Chaque jour deux vieillards, mari et femme, venaient s’asseoir là. L’homme, le regard perdu comme dans la vision de choses lointaines et en dehors de ce monde, restait des heures silencieux à rouler dans ses doigts un chapelet dont les perles, une à une, tombaient toutes noires entre les plis de sa fustanelle blanche. Les jeunes gens se découvraient en passant devant lui, car c’était un soldat de l’indépendance, ainsi qu’en témoignait le ruban bleu de la grande guerre cousu sur sa veste.
Sa compagne, le visage ridé, les mains maigres et tremblantes, inspirait aussi le respect par sa physionomie de bonne vieille soumise au maître et dévouée à l’époux. Elle portait le costume des femmes de Mégare.
Ces bonnes gens, riches de quelque bien aux environs d’Athènes, outre la maison dont j’ai parlé avec son jardin, pouvaient se dire heureux. Rien n’eût manqué à leur tranquille vieillesse si Dieu et saint Isidore, bien souvent invoqués, avaient fait naître un enfant dans leur ménage ; mais le miracle de Sarah ne s’était pas renouvelé ; ils n’avaient après eux personne à qui léguer leur modeste avoir et la tradition de leurs vertus.
La Providence, qui n’abandonne jamais ceux qui l’implorent, y suppléa en fournissant du même coup à ces cœurs simples et craignant Dieu l’occasion d’exercer leur charité.

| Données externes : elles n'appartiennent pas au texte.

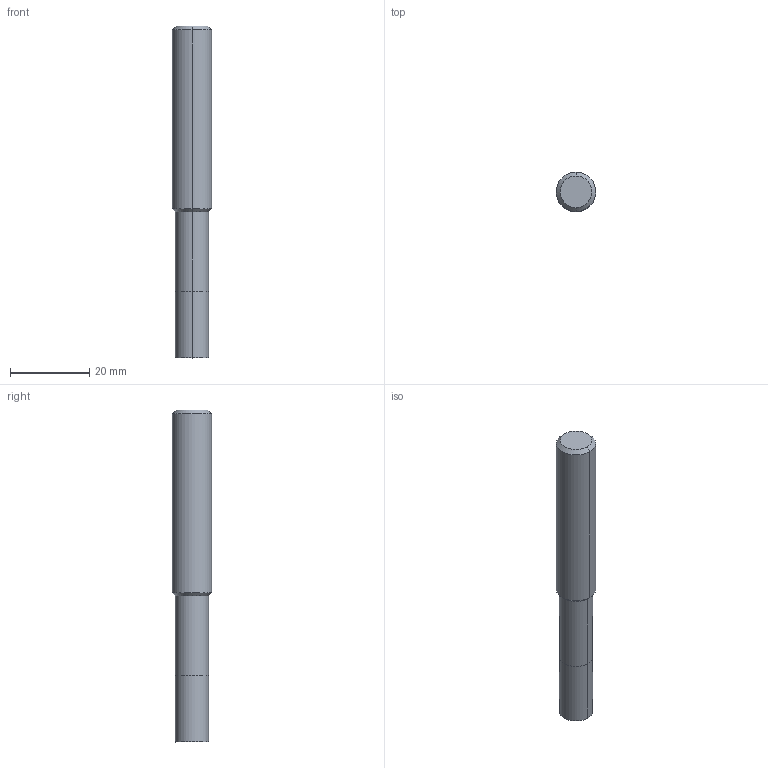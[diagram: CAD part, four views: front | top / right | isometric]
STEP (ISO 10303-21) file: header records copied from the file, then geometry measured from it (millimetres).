
FILE_DESCRIPTION(/* description */ (''),/* implementation_level */ '2;1');
FILE_NAME(/* name */ 'MFE0843X02S100.stp',/* time_stamp */ '2023-03-06T16:46:19+09:00',/* author */ (''),/* organization */ (''),/* preprocessor_version */ 'ST-DEVELOPER v16',/* originating_system */ 'SIEMENS PLM Software NX 10.0',/* authorisation */ '');
FILE_SCHEMA (('AUTOMOTIVE_DESIGN { 1 0 10303 214 3 1 1 1 }'));
Length unit declared in the file: millimetre
Products named in the file (1): MFE0843X02S100_ASM
Bounding box: 10 x 10 x 84 mm (x, y, z)
Volume: 5733.8 mm3; surface area: 2690.6 mm2
Topology: 2 solids, 2 shells, 14 faces, 28 edges, 23 vertices
Faces by surface type: cylinder 6, plane 4, cone 4
Entity records: 494 total; most frequent: DIRECTION 92, CARTESIAN_POINT 68, ORIENTED_EDGE 48, AXIS2_PLACEMENT_3D 39, EDGE_CURVE 24, STYLED_ITEM 17, PRESENTATION_STYLE_ASSIGNMENT 17, ADVANCED_FACE 14

Les Crétois s’étaient révoltés contre l’éternel oppresseur, et, comme toujours, le gouverneur envoyé de Stamboul noya l’insurrection dans le sang. Nombre de villages n’avaient plus d’habitant. Un entre autres, glorieux par la résistance désespérée qu’y opposèrent les femmes même, fut entièrement détruit, et, sous les décombres fumans, une petite fille, à peine âgée de six ans, fut seule retrouvée respirant encore. Un pêcheur l’emporta dans sa barque et l’amena à Athènes.
Notre couple de bons vieillards, ému de pitié, n’hésita pas à recueillir l’enfant, qui dès ce jour devint, pour employer la belle expression en usage chez les Grecs, la fille de leur âme (psychocovi).

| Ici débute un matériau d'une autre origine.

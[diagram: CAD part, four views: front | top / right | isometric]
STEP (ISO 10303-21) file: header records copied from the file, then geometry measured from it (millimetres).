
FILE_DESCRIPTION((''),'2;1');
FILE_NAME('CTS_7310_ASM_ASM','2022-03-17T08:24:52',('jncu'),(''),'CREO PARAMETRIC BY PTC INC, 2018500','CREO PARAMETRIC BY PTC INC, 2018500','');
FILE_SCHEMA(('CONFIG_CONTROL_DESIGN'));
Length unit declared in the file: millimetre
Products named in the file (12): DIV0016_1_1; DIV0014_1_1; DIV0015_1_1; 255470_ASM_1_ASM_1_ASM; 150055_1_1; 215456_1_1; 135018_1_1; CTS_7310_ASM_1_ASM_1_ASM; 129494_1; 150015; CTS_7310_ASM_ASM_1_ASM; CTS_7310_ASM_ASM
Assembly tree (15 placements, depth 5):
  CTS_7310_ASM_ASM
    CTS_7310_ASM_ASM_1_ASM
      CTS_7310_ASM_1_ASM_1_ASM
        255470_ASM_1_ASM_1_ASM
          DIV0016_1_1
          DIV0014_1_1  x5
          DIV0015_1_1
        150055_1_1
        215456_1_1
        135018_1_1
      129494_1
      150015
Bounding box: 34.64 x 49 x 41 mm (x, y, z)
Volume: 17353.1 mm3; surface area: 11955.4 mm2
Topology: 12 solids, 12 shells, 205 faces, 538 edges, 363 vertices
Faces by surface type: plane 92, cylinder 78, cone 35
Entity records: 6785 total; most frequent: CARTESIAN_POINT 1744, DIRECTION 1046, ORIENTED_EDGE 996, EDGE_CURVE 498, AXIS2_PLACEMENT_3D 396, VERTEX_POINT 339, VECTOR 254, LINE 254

Encore cette paternité toute spirituelle ne suffit-elle pas longtemps à leur besoin de tendresse. Ils trouvèrent plaisir à se persuader qu’il leur était né une fille dans leurs vieux jours, et les soins, les caresses, le dévoûment dont ils entourèrent leur pupille surent effacer peu à peu les visions sinistres dont le meurtre de sa famille, l’horreur de la guerre et de l’incendie avaient effrayé son jeune cœur.
Zoïtsa, — c’était le nom de l’orpheline, — paya tout en une seule fois ; elle leur donna les doux noms de père et de mère.